La factura de lo que no se ha hecho

- Rat Gasol
- Barcelona. Martes, 23 de diciembre de 2025. 05:30
- Tiempo de lectura: 3 minutos
No siempre es sencillo elegir de qué hablar en el último artículo del año, y menos aún cuando el escenario político es agrio, polarizado y destructivo. Presupuestos que no se aprueban y se estiran como chicles, inversiones que, de nuevo, nunca se ejecutan, y un ruido institucional que eclipsa cualquier debate sereno sobre economía, trabajo y futuro. En este contexto, hacer balance no puede limitarse a repasar titulares ni a buscar conclusiones amables. El balance honesto, el que realmente interpela, es aquel que se atreve a mirar aquello que no se ha hecho. Porque, en economía —a diferencia de otros ámbitos—, la inacción no es neutra. No se evapora con el cambio de calendario, sino que se transforma en coste, mientras la factura hace tiempo que se está acumulando.
Emerge primero de manera silenciosa, en el día a día de miles de ciudadanos que trabajan, pero no pueden vivir allí donde desarrollan su proyecto vital. Durante años, se han aplazado decisiones estructurales sobre la vivienda, confiando en que el mercado corregiría los desequilibrios o que el crecimiento lo compensaría todo. Mientras tanto, los precios no han dejado de ascender, la oferta no ha crecido al ritmo necesario y el acceso a la vivienda se ha desvinculado del hecho de tener trabajo. En menos de una década, el precio medio del alquiler en Cataluña se ha encarecido casi un 30%, muy por encima de la evolución salarial. Esta desconexión no es solo una injusticia social, sino un problema económico de primer orden. Un país donde el coste de vivir expulsa a trabajadores, jóvenes formados y profesionales cualificados es un país que pierde talento, emprendimiento, capacidad productiva y competitividad. Lo que no se ha hecho en materia de vivienda no ha desaparecido. Al contrario, se ha convertido en un freno estructural.

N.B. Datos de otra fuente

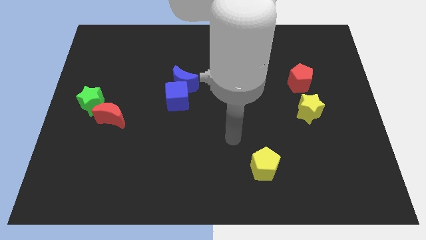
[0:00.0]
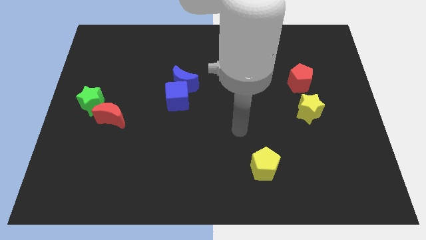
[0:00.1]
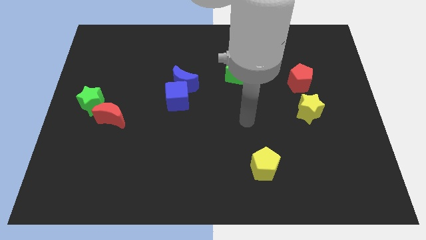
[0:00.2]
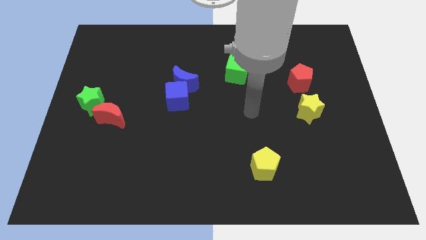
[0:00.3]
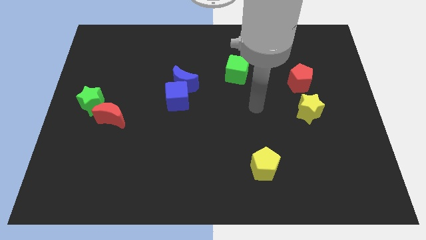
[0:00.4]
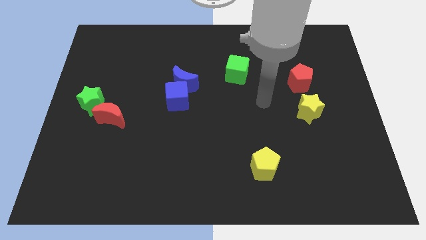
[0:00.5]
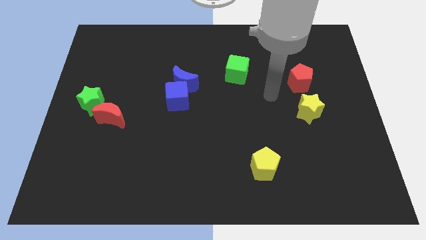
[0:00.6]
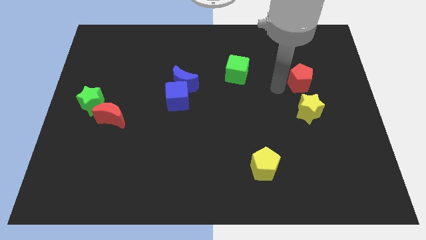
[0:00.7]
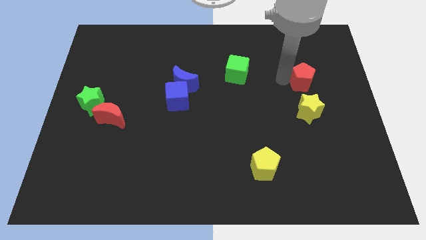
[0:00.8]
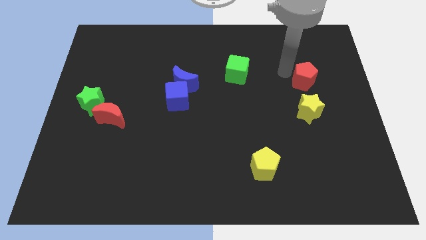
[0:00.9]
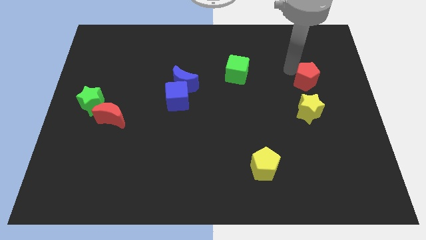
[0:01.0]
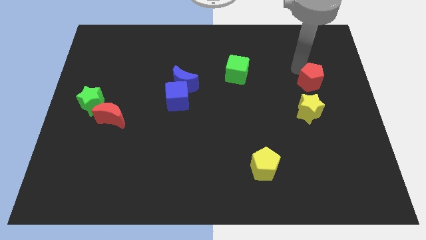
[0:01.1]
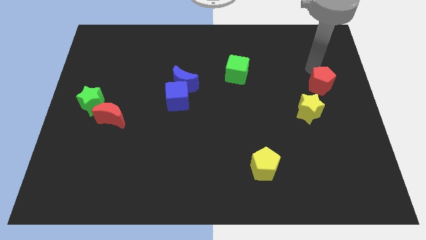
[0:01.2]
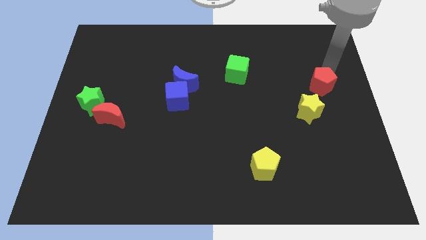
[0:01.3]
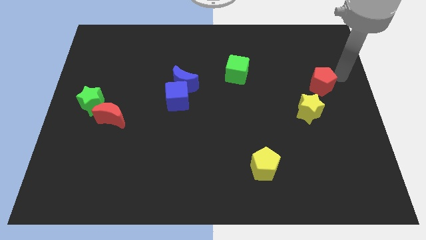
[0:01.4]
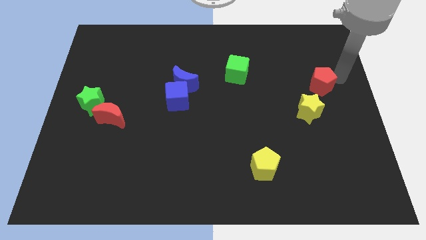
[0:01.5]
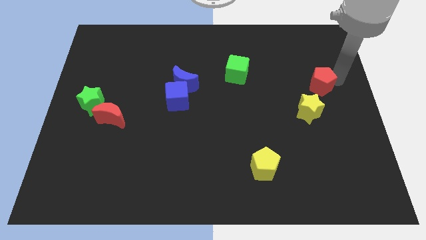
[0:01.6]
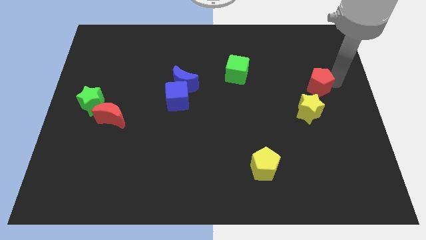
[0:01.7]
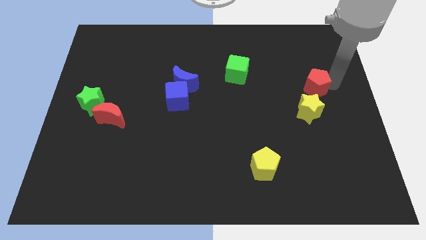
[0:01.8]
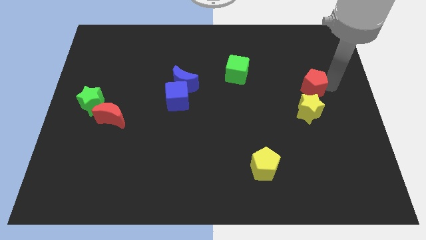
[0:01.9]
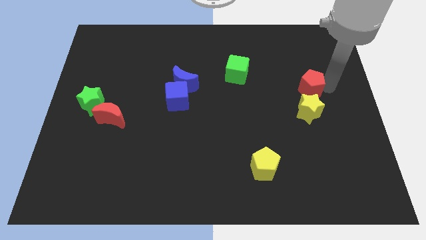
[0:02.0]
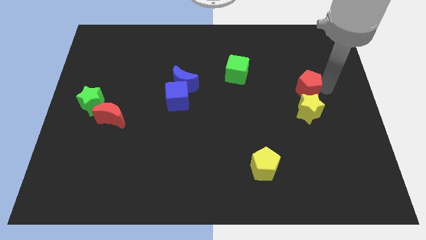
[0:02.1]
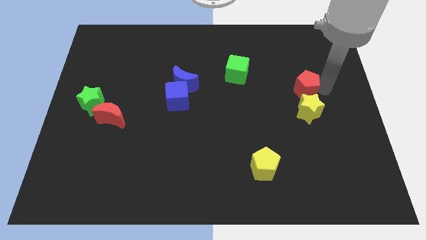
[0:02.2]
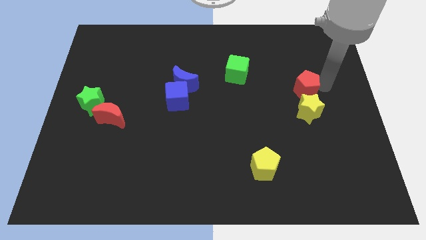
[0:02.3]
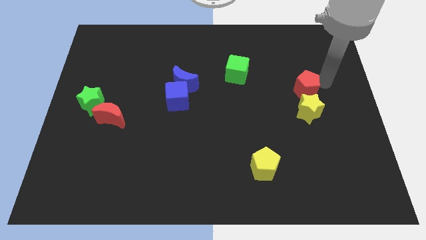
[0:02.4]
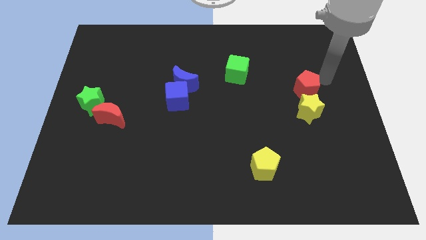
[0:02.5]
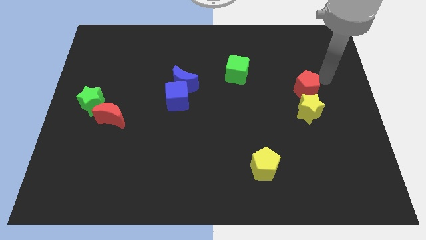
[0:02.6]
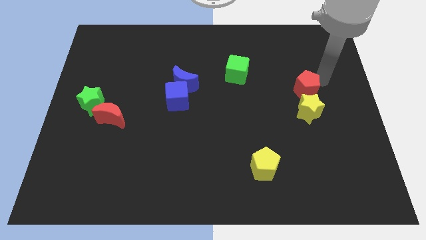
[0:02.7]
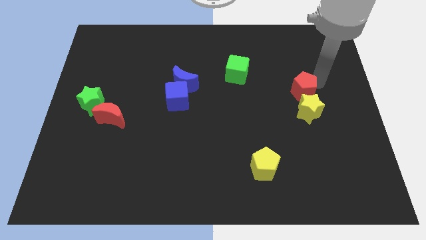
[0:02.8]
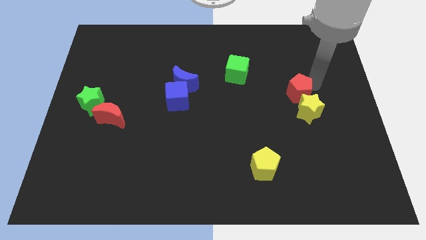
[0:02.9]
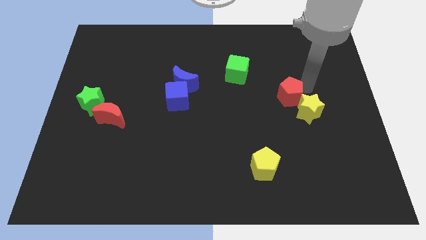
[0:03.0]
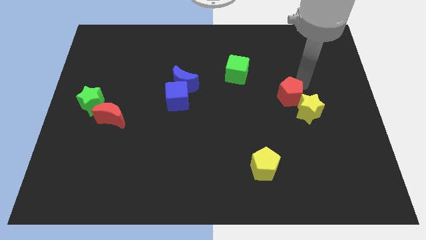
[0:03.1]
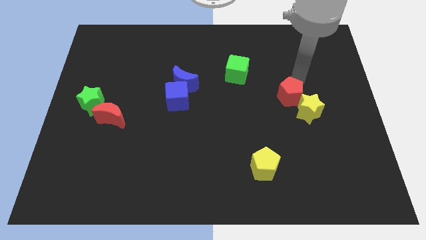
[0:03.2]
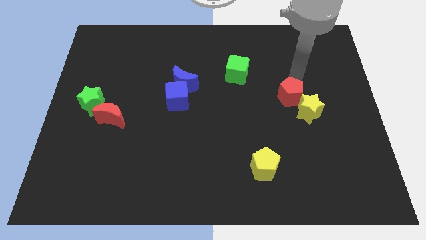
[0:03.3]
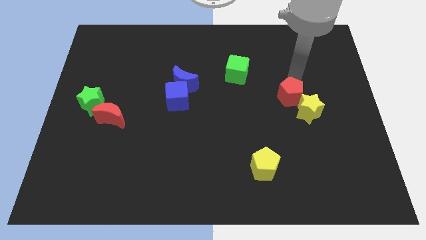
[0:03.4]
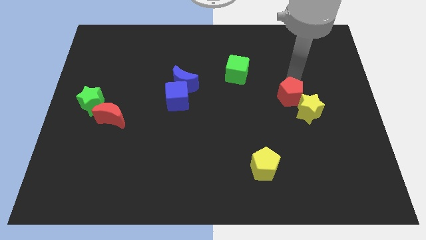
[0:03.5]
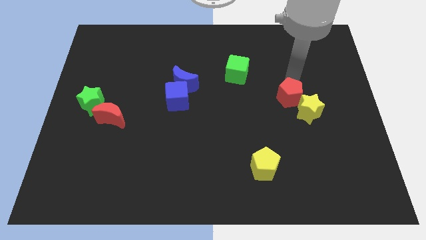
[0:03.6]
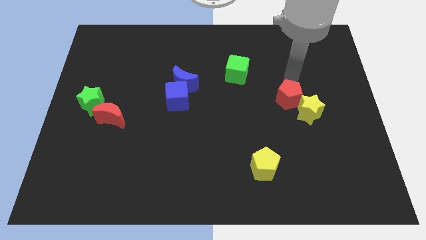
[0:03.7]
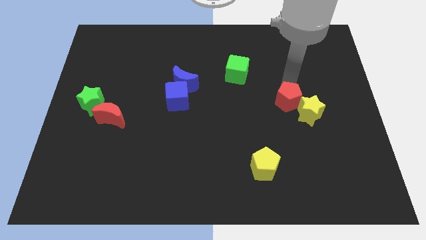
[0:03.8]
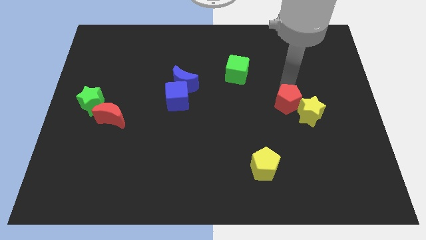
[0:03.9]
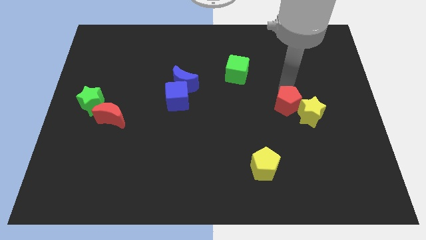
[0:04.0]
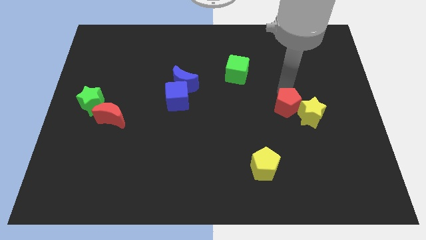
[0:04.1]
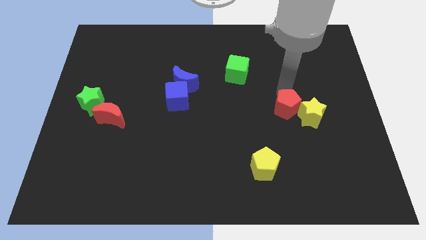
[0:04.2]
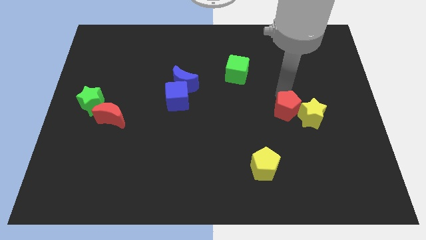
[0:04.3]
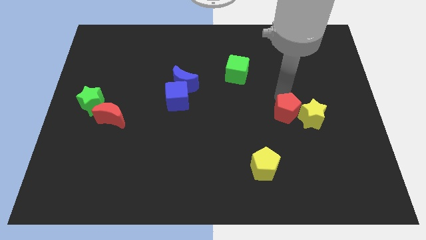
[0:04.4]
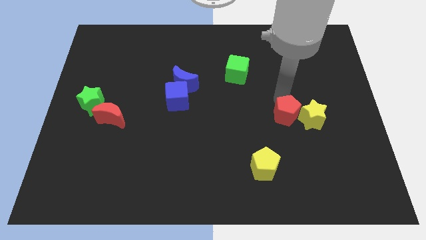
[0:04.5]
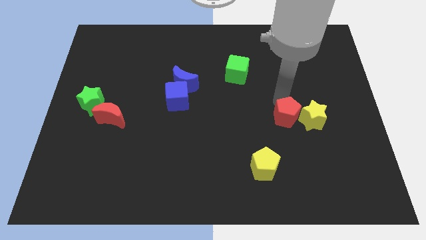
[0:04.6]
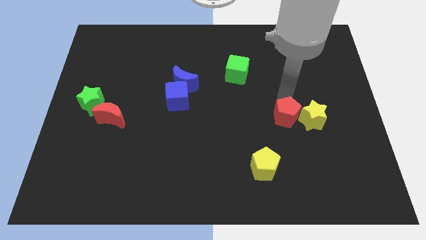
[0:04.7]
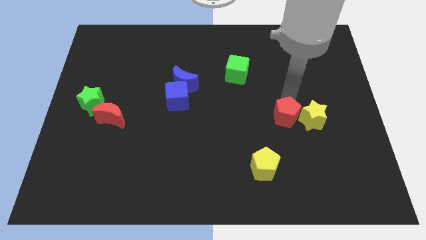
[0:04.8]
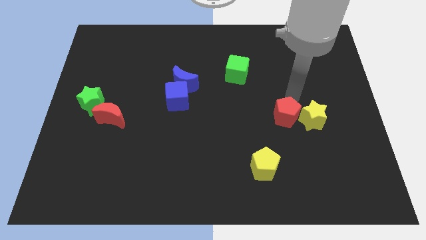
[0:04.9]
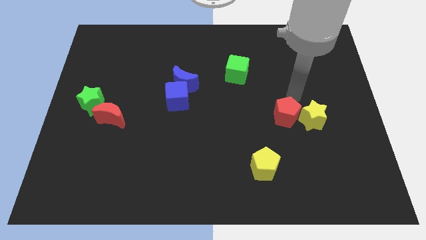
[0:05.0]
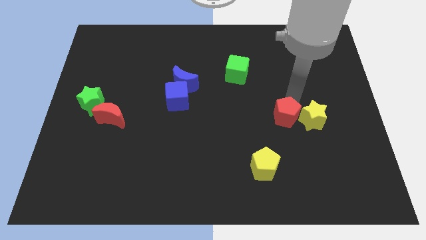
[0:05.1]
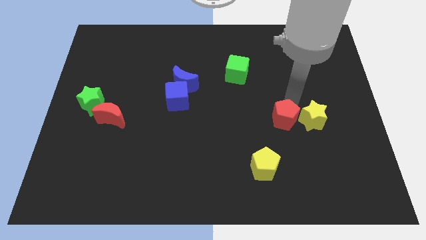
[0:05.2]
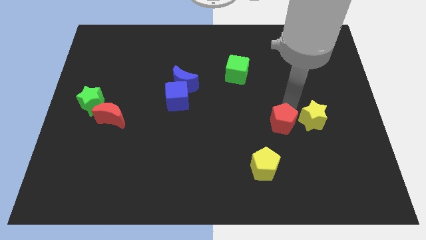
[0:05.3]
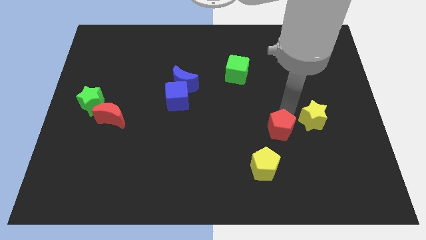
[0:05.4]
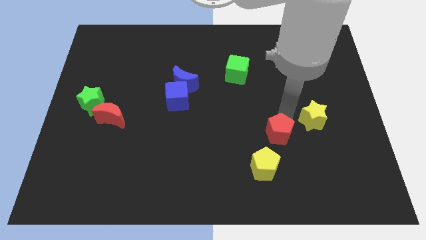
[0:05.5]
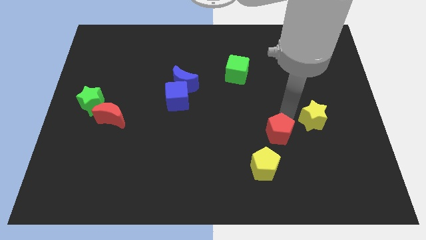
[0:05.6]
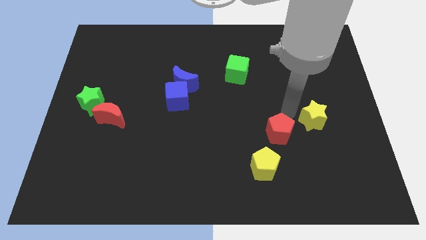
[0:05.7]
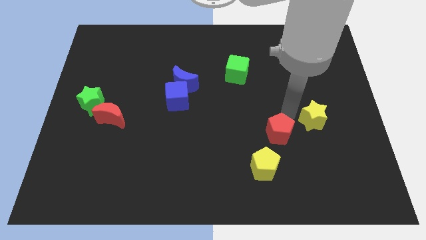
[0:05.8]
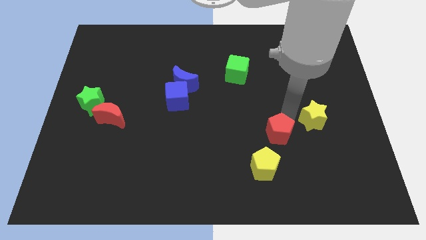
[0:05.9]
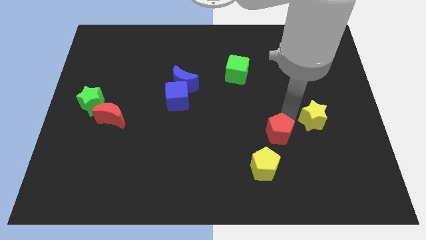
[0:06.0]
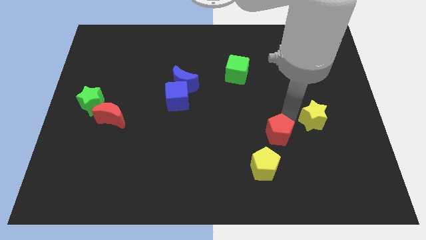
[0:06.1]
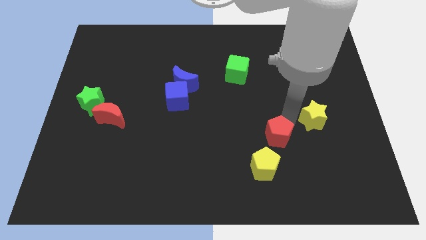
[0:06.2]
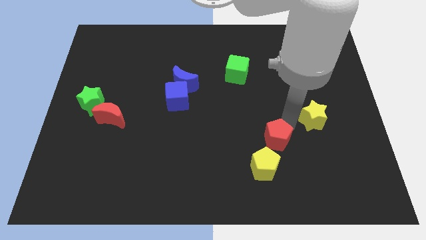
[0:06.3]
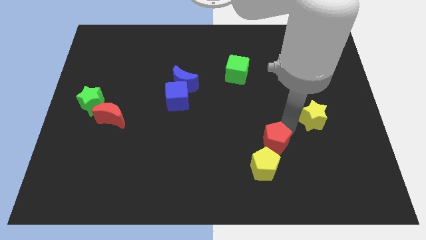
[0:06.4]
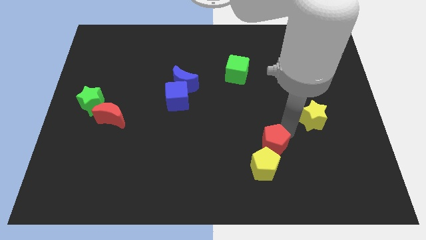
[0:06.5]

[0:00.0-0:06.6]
slide the red pentagon close to the yellow pentagon

La factura continúa engrosándose en un mercado laboral que necesita personas, pero no construye trayectorias. Cataluña ha crecido, en gran parte, gracias a la inmigración. Es una realidad demográfica y económica incontestable. Sin embargo, su gestión se ha dejado demasiado a menudo a la improvisación. Llegan personas, pero no con la misma intensidad que las políticas públicas de acogida, formación e integración laboral, en un contexto de recursos públicos necesariamente limitados. El resultado es un mercado segmentado, con una parte importante de la población concentrada en trabajos de baja cualificación, alta rotación y escaso recorrido profesional. Hoy, más de la mitad de la población ocupada extranjera continúa atrapada en este tipo de ocupaciones. Esta realidad no solo cronifica la precariedad, sino que desaprovecha capital humano y erosiona la cohesión social. La inmigración podría ser una palanca de crecimiento y de equilibrio, pero sin decisiones valientes, deviene una fuente de fragilidad acumulada
Mientras tanto, el gran debate económico que nunca se afronta del todo sigue siendo el de la productividad. Hace años que se habla de ello, pero se hace muy poco para transformarla. El esfuerzo sostenido no acaba cristalizando en el rendimiento que el país necesita. A pesar de jornadas largas y un elevado nivel de dedicación, la productividad por hora sigue claramente por debajo de la media europea. No es una cuestión de esfuerzo individual, sino de modelo. Se ha aplazado una reflexión profunda sobre cómo se organizan las empresas, de cómo se lideran los equipos y de cómo se mide el valor real del tiempo. Se sobrevalora el presentismo, se confunde el control con el liderazgo y se evita poner en cuestión una mediocridad organizativa asumida. El tiempo que no se ha invertido en repensar procesos y liderazgos retorna ahora en forma de salarios estancados, agotamiento estructural y dificultades reales para competir en valor añadido.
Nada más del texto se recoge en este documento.